Parmegiano Reggiano: This is totally optional but I highly recommend it! It really piles on the "enchilada" flavor if you know what I mean. Plus as long as you choose a parmesan cheese with "Reggiano" in the name, you know it's a raw cheese and packed with bio-available nutrients.



Some Tips on How to Make this Homemade Enchilada One-Pot Soup


1. Make your chicken in advance for an even faster meal. This means, you can make it earlier on in the week for a variety of meals (see this post for more info!), the night before, or even the morning of. I often make the chicken before I head out for the gym in the morning so it'll be ready for me to add to the soup when I get home.

2. Prior to starting, make sure you prep your ingredients in advance. This means, go ahead and chop your veggies and measure out your ingredients PRIOR to starting. (I know I almost always wait until I'm already following the recipe to start chopping and measuring). I'd recommend having your spices, tomato paste, and bone broth sitting right next to the instant pot. Since the "sauté " feature on the Instant Pot only has one temperature, there's no way to control it, so you'll want to move fast once you get started.

3. Add your spices in as soon as the butter and flour are combined. You could wait and add them later but I love the way toasted spices bring out their own flavor, so I like to sauté them early on.

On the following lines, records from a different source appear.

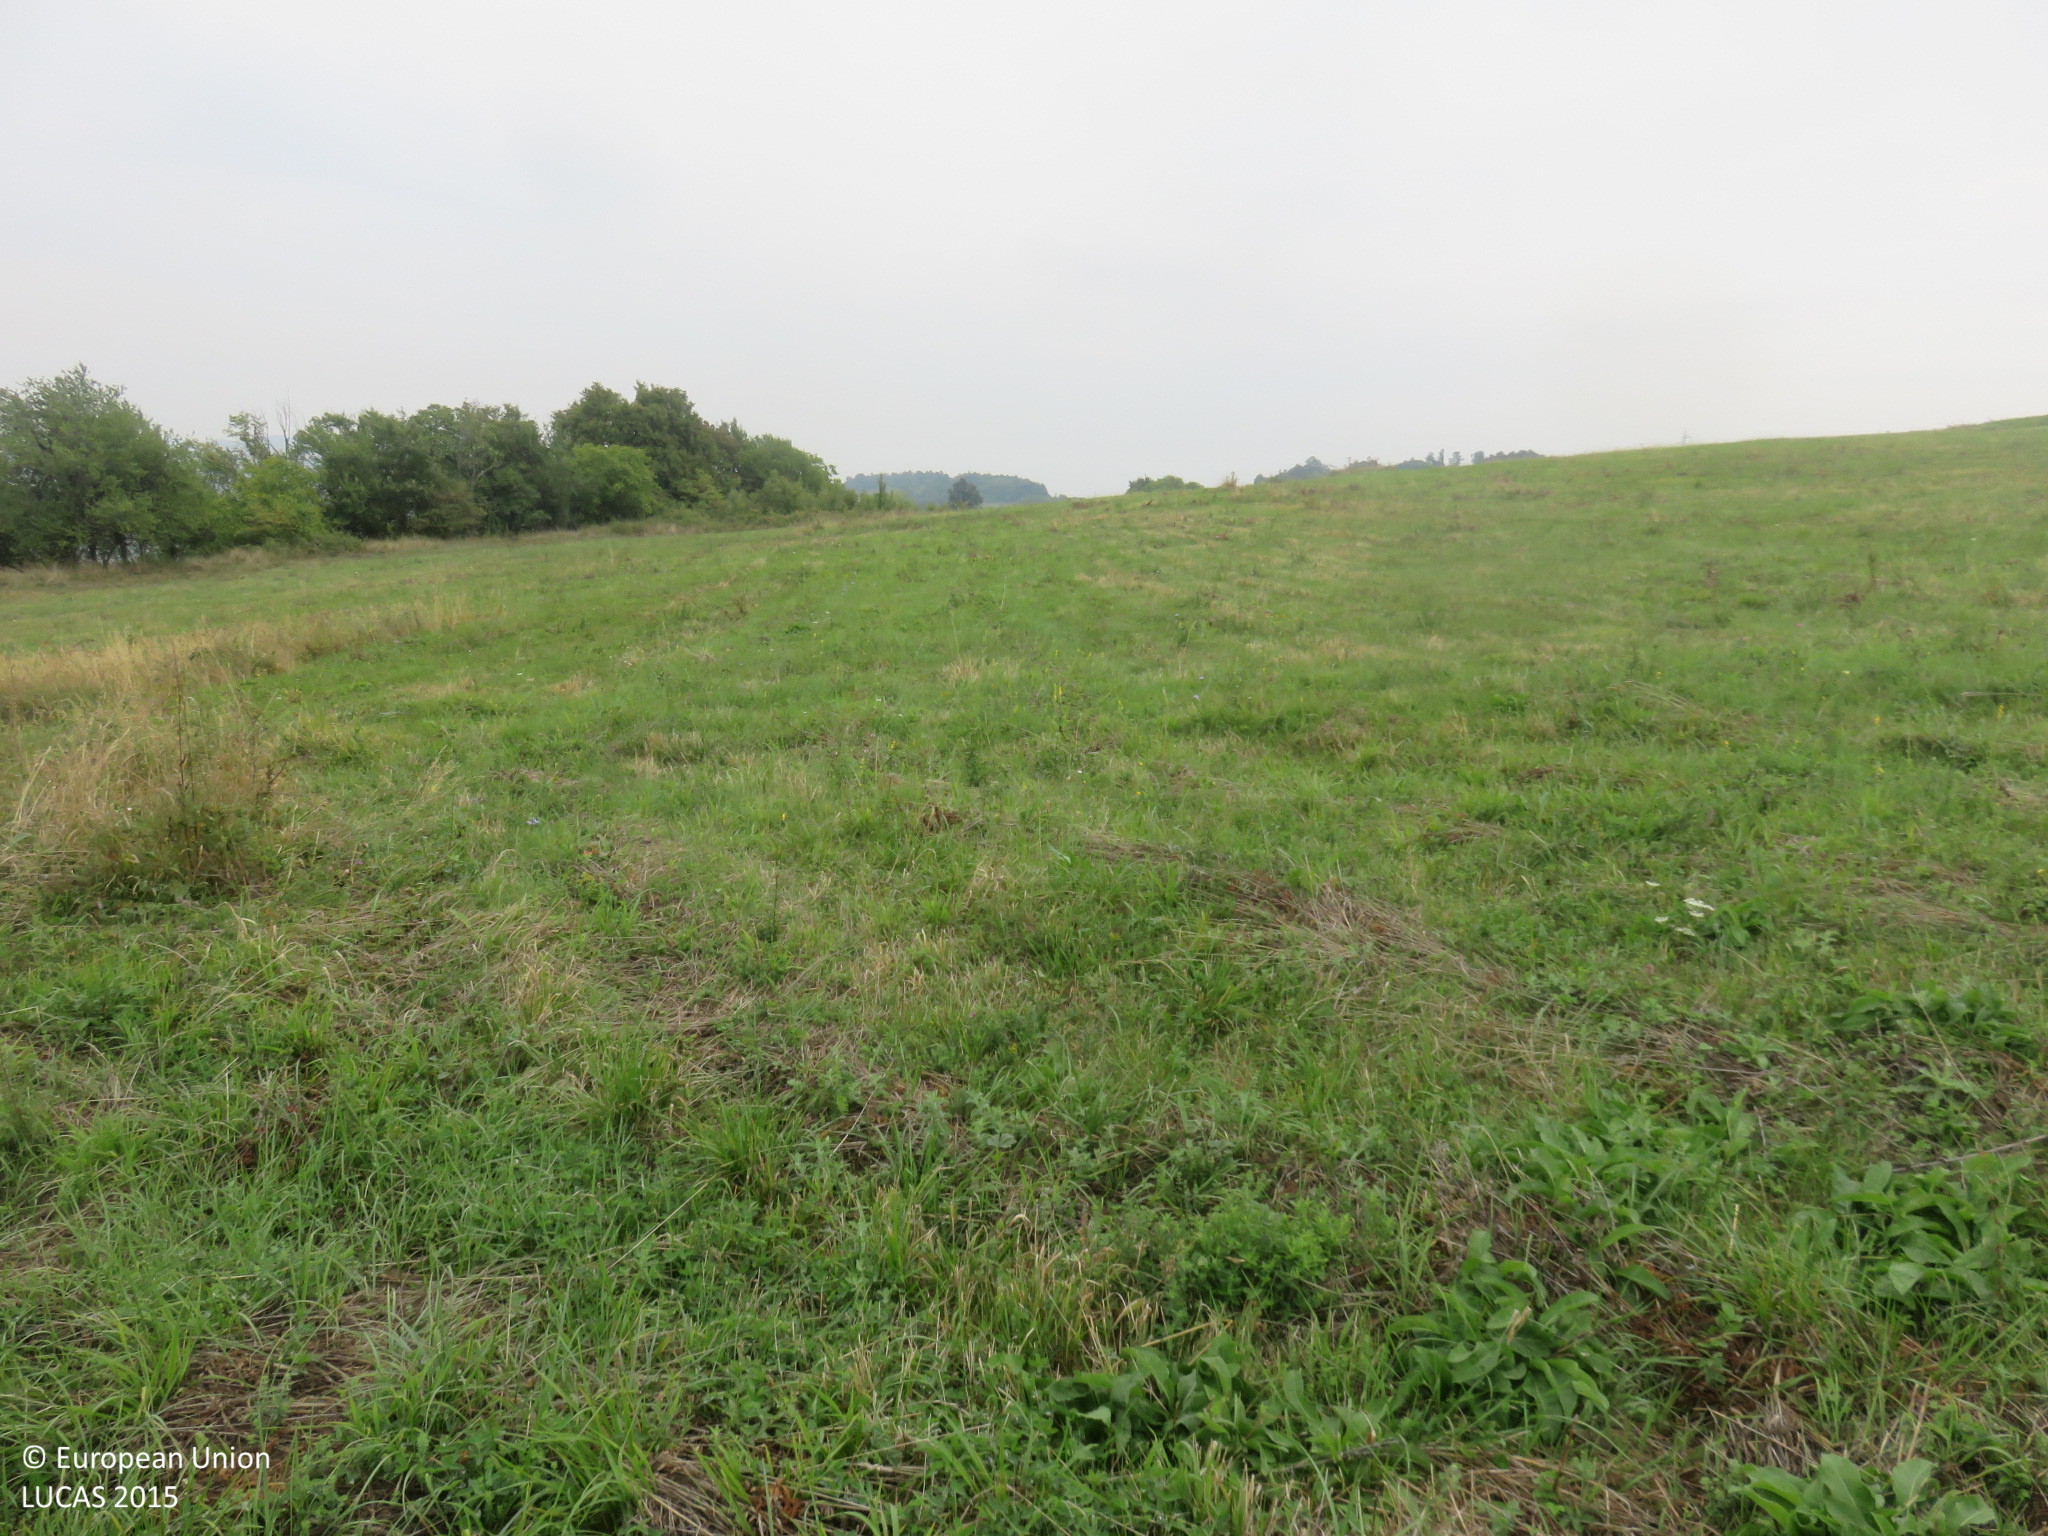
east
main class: Grassland
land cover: Grassland without tree/shrub cover
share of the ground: > 75 %
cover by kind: herbaceous plants 100 %
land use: Agriculture (excluding fallow land and kitchen gardens)
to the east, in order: Grassland without tree/shrub cover; Groves; Grassland without tree/shrub cover; Grassland with sparse tree/shrub cover
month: September
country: BG
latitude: 43.1141
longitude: 24.8234
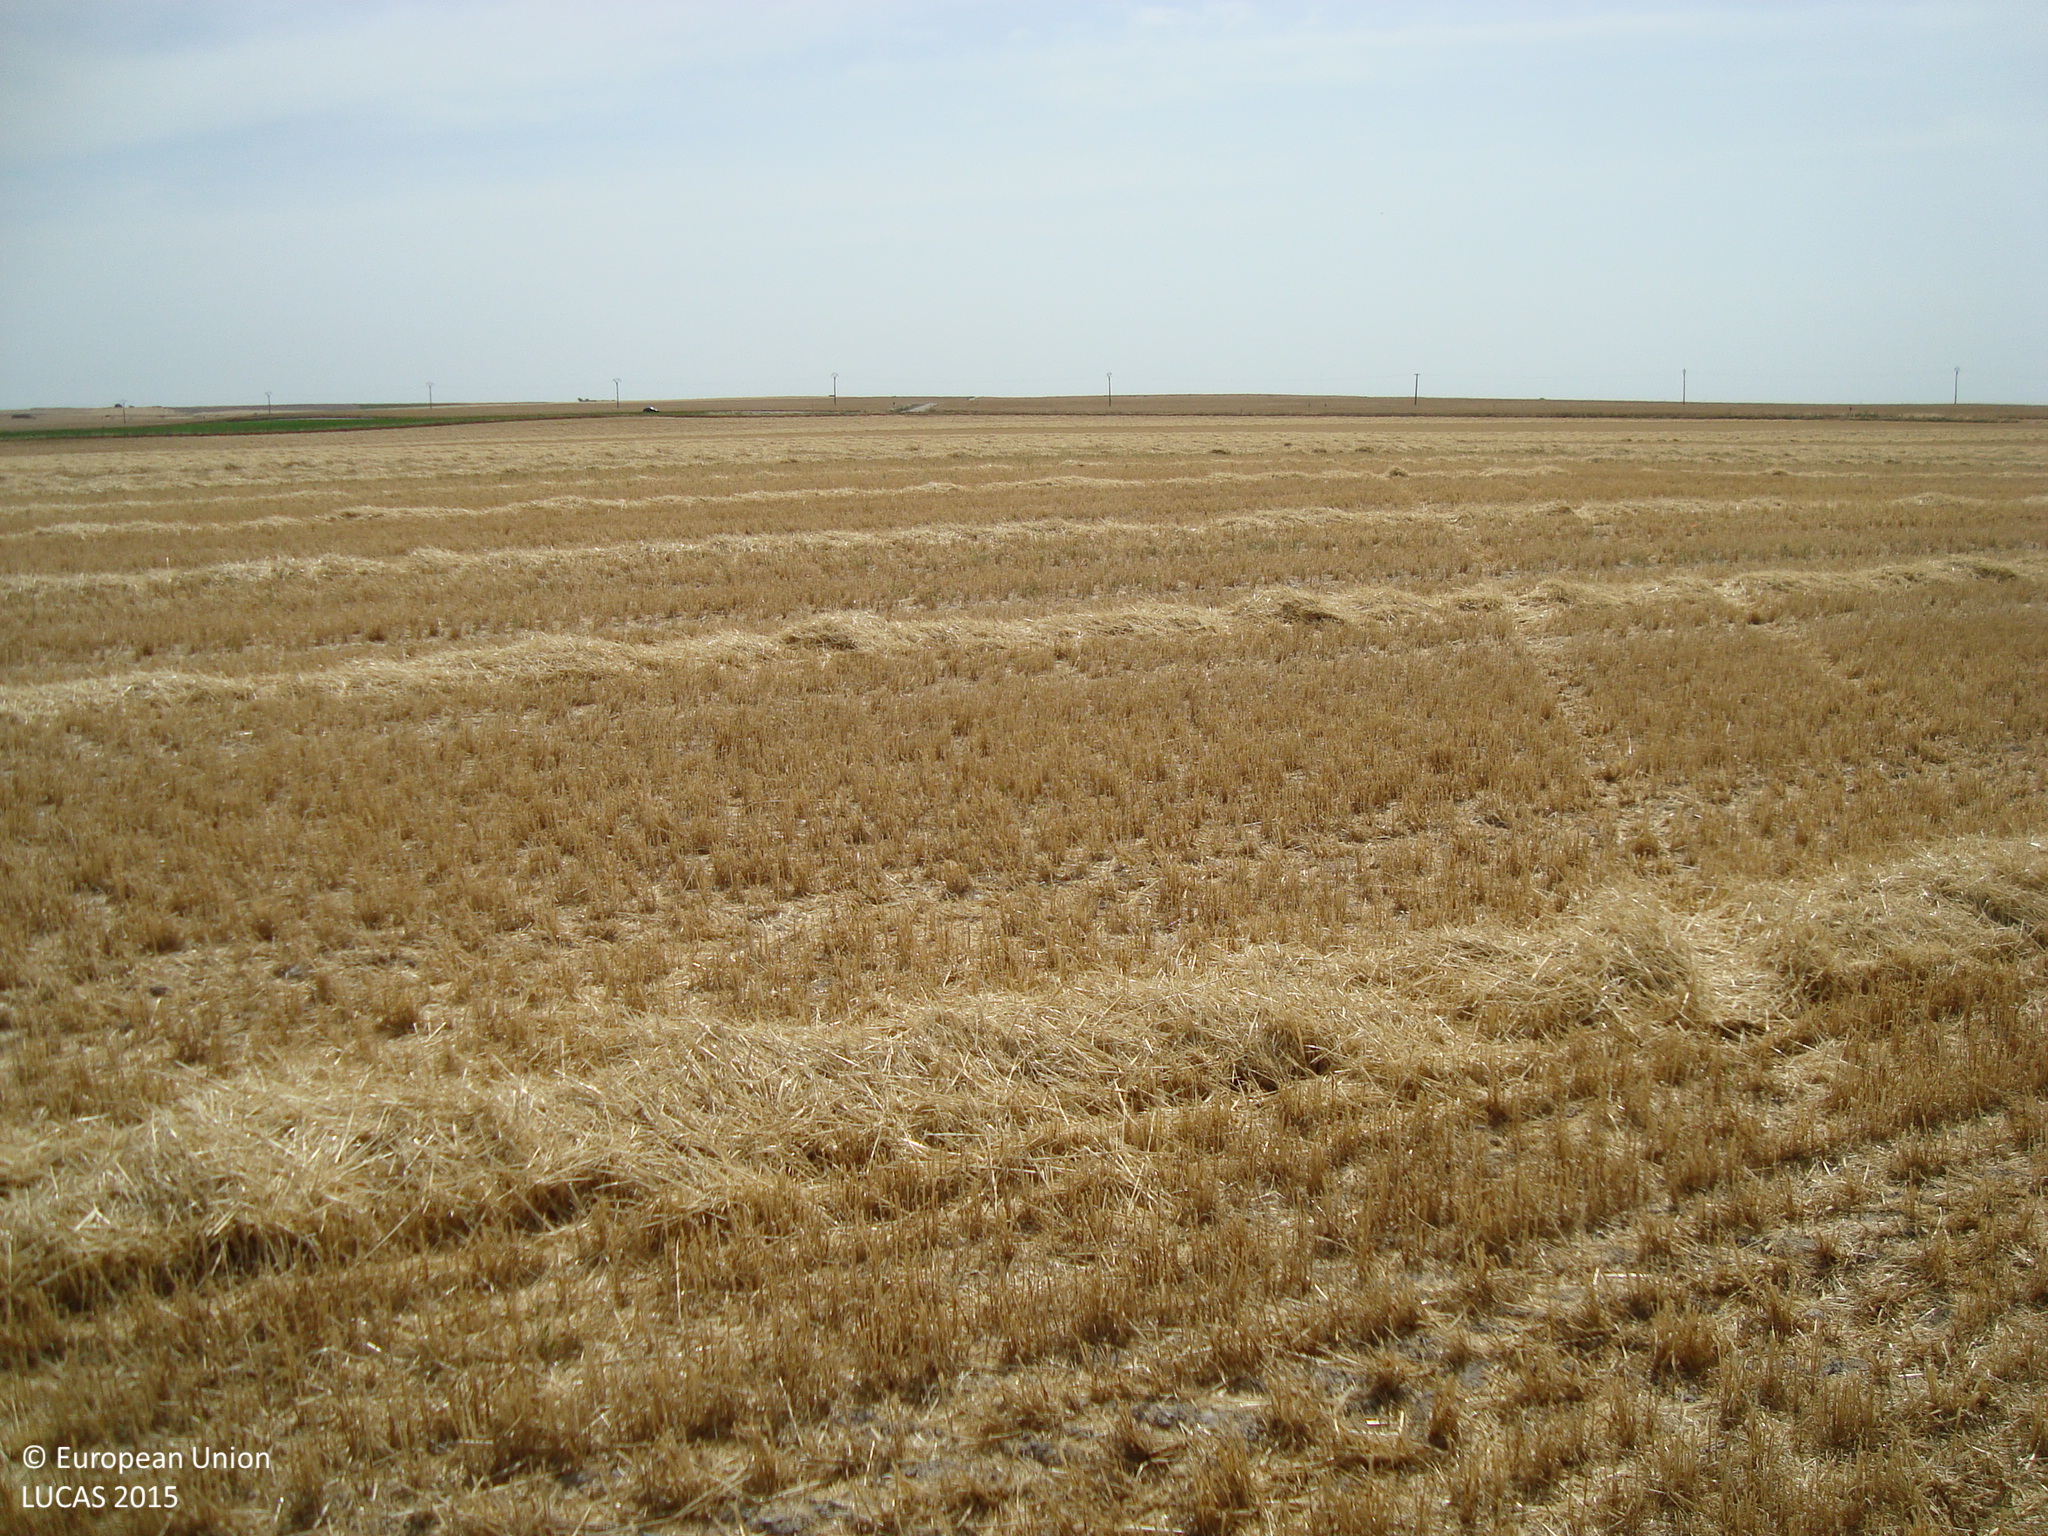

4. Stir the bone broth (or water) slowly. This will allow you to mash it all together and get it combined faster in the long run. Granted, I've definitely dumped it all in at once before and still achieved the same result in the end... it just may cause for more frustration when you're trying to get it to combine smoothly.

5. Pile on the optional ingredients. There's nothing like personalizing a dish to make it just the way you like it. I often add more spices, salt, and almost always an additional healthy fat like avocado or grass-fed butter. Plus it means an extra boost of nutrients too!